Material to process START
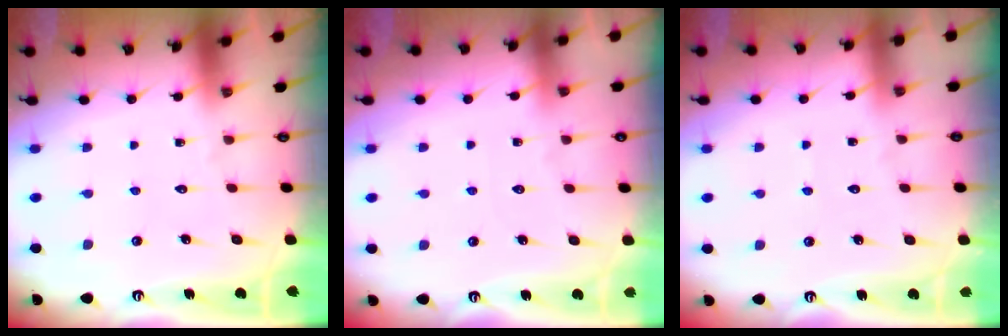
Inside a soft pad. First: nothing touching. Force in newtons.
{"total": 2.4, "press": 2.4, "slide": 0.3}
{"total": 2.0, "press": 2.0, "slide": 0.3}
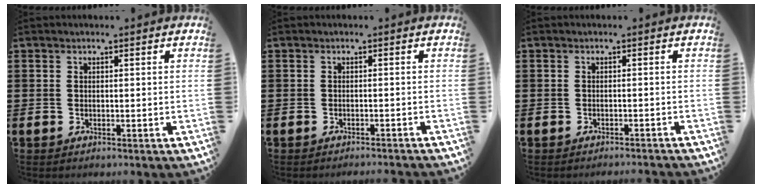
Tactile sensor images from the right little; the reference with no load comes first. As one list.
[{"total": 0.7, "force": [-0.7, -0.2, 0.0], "torque": [0.000, 0.000, -0.015]}, {"total": 0.7, "force": [-0.7, -0.2, 0.0], "torque": [0.000, 0.000, -0.015]}]
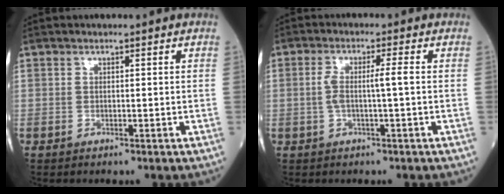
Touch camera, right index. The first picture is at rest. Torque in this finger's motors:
{"motor_torque": [0.64, 0.15, 0.42, 0.12]}
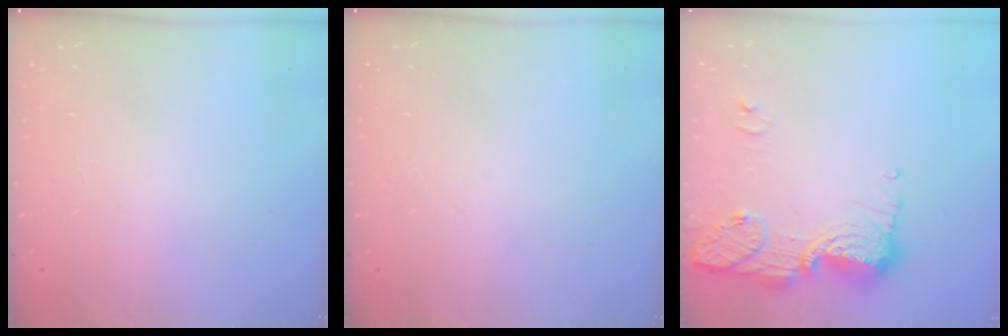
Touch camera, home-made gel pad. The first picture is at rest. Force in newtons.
{"total": 0.0}
{"total": 14.5, "press": 14.3, "slide": 2.9}
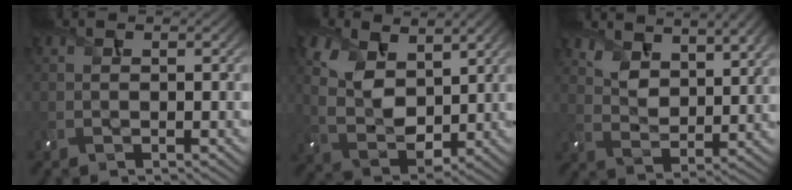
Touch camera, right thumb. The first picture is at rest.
Material to process END
» **What to work on**
Can the entries above be repeated exactly, without their pictures?

» **Output of the exercise**
Inside a soft pad. First: nothing touching. Force in newtons.
{"total": 2.4, "press": 2.4, "slide": 0.3}
{"total": 2.0, "press": 2.0, "slide": 0.3}
Tactile sensor images from the right little; the reference with no load comes first. As one list.
[{"total": 0.7, "force": [-0.7, -0.2, 0.0], "torque": [0.000, 0.000, -0.015]}, {"total": 0.7, "force": [-0.7, -0.2, 0.0], "torque": [0.000, 0.000, -0.015]}]
Touch camera, right index. The first picture is at rest. Torque in this finger's motors:
{"motor_torque": [0.64, 0.15, 0.42, 0.12]}
Touch camera, home-made gel pad. The first picture is at rest. Force in newtons.
{"total": 0.0}
{"total": 14.5, "press": 14.3, "slide": 2.9}
Touch camera, right thumb. The first picture is at rest.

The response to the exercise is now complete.